We are barely starting potty training. She's not all that ready, but she will sit once in a while and I encourage it when she does.

She likes to swiffer, dust, and "wash dishes" (clean dishes in water in the sink). Picking up toys is fine at other people's houses but not here.

I'll be interested to see what others respond.


Mary

buddyleebaby
10-31-2006, 02:47 PM
As far as wiping after using the bathroom, I would suggest letting her use baby wipes or the like for awhile- the new kandoo line is pretty good. It will help her clean a bit more effectively. ; )

For dressing/undressing buy clothes that she can handle on her own, at least while at school- snaps rather than buttons, no belts or buckles, no hard to do zippers, no tights, velcro rather than shoe laces, etc.

For choosing clothes- you choose two appropriate outfits and give her the choice between the toy. if she doesn't care either way, no big deal.

For cleaning up- implement a clean up time at home. she is capable of cleaning up on her own, but she won't bother if someone is doing it for her. (and who would, really? ; ) )

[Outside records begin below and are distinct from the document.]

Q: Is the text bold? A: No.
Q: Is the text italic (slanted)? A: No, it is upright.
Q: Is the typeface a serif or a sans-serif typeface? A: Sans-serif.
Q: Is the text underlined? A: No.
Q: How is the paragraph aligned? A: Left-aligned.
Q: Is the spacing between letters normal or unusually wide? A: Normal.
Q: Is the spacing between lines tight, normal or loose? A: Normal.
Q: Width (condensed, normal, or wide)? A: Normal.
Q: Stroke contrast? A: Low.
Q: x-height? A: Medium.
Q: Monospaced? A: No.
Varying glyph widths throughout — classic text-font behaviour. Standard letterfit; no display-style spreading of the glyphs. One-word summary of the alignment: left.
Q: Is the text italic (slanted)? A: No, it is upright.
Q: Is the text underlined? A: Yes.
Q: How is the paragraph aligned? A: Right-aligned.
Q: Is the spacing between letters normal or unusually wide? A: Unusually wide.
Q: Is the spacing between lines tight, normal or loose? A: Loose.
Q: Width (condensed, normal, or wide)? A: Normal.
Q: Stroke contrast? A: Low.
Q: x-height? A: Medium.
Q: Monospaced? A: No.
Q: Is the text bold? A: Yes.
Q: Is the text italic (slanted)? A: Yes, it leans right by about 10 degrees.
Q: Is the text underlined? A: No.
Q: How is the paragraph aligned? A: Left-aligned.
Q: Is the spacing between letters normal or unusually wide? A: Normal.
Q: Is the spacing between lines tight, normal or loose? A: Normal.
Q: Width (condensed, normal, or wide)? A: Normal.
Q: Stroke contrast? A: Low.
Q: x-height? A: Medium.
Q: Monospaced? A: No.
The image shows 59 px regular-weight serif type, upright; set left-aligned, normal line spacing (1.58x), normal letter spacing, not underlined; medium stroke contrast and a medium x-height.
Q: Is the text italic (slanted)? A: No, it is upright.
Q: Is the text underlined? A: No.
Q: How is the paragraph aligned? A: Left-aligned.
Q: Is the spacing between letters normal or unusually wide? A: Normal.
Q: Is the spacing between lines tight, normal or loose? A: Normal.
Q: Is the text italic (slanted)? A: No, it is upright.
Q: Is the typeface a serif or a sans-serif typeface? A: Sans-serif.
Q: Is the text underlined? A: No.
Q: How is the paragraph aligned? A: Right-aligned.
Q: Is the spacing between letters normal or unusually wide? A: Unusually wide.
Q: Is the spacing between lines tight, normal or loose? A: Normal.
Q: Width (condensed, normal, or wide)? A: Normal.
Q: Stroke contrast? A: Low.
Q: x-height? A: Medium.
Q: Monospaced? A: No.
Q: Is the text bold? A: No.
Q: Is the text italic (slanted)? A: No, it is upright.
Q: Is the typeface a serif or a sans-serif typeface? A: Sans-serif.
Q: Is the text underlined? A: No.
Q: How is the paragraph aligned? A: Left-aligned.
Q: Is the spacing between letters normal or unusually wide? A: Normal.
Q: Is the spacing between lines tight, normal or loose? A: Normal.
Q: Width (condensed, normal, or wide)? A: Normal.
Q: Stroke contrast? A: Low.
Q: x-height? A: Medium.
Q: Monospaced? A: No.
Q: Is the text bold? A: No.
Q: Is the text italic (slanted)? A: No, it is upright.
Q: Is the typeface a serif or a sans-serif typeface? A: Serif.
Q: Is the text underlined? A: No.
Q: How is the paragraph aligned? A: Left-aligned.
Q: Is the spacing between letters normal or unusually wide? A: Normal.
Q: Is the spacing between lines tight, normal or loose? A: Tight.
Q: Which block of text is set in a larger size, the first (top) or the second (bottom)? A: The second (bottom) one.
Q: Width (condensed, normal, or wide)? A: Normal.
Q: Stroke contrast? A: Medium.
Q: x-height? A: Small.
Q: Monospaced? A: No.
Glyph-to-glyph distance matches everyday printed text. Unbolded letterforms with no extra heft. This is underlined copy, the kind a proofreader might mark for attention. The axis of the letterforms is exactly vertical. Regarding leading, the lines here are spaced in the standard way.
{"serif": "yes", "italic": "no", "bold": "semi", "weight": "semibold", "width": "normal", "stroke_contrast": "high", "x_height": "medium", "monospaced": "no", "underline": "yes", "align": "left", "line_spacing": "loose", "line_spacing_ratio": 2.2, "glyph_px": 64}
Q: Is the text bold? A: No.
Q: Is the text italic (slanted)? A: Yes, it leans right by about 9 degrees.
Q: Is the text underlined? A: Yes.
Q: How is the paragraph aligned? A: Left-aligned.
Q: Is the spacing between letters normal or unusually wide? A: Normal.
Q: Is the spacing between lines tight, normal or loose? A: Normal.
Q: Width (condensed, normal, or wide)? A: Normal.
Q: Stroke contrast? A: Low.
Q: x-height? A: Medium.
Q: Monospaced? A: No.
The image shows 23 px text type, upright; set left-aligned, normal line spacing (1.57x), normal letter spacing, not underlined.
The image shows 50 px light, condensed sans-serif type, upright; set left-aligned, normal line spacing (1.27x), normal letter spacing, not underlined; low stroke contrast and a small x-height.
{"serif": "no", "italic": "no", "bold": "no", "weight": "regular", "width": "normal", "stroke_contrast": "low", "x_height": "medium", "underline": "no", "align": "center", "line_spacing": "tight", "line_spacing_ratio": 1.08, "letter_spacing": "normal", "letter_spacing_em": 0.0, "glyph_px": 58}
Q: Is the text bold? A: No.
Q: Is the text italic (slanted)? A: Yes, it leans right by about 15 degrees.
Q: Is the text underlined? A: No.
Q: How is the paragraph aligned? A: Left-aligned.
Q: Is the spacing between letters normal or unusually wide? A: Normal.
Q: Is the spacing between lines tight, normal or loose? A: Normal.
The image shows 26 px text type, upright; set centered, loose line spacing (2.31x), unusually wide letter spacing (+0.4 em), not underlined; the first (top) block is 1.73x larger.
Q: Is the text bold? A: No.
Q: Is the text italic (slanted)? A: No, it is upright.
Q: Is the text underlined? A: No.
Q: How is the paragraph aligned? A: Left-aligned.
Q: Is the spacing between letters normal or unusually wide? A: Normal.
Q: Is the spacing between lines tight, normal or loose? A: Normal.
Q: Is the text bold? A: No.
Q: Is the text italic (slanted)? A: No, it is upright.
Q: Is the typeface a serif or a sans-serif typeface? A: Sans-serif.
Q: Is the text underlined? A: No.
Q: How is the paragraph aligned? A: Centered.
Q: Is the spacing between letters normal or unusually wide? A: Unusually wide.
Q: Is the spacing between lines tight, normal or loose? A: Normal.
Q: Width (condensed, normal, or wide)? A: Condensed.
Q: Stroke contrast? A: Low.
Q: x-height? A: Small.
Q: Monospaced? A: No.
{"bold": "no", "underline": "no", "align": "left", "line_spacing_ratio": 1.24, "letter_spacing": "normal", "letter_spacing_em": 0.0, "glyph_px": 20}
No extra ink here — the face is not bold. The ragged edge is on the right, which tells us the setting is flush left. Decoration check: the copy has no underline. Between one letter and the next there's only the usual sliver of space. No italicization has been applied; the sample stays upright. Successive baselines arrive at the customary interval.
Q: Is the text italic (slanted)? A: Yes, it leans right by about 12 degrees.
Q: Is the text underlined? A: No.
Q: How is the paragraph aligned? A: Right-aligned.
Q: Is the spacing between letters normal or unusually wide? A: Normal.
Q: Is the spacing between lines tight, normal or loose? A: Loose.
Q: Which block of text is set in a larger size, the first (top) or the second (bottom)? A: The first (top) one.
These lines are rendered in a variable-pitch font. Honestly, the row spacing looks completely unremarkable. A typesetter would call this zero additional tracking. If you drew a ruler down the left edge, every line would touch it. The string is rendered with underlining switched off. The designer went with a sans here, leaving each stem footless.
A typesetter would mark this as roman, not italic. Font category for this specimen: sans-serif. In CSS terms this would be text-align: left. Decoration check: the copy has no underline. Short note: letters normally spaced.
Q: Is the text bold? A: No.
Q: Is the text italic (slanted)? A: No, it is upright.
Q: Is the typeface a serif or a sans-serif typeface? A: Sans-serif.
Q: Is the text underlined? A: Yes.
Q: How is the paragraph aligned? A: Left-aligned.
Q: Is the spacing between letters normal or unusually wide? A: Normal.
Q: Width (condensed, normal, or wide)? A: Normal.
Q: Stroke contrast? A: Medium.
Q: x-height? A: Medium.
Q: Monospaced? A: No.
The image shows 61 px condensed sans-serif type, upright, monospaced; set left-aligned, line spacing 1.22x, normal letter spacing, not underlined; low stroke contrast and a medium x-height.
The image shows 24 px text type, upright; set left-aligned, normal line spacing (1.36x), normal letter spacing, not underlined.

ETA: I'm a former pre-k teacher. Your list sounds like 75% of the class until about February,lol.

squimp
10-31-2006, 03:17 PM
These things will come with time. DD just started preschool this fall, and she has been learning to do these things for herself. Some of those things she learned to do before because they were encouraged at her previous school, but her new school really encourages independence. She can generally do all those things, but I also bought clothes for her so she can learn to do it herself. Knit pants with elastic, shoes that velcro, no tights (hard to get back on), no buttons on her pants or shirts that she wears to school. She CAN choose her own clothes, but I prefer to pick them out. :) She generally likes to do things for herself, but sometimes choices can be overwhelming, so I might set out her clothes, then she puts them on.

I'd help your DD and encourage her when she does something for herself. In a month or two, I bet she'll insist she can do it herself!

holliam
10-31-2006, 03:34 PM
Mari has always been an independent thinker. Not in a combative way, just that she makes her mind up about something and does it. She's not 100% at all on any of these things, but we're progressing!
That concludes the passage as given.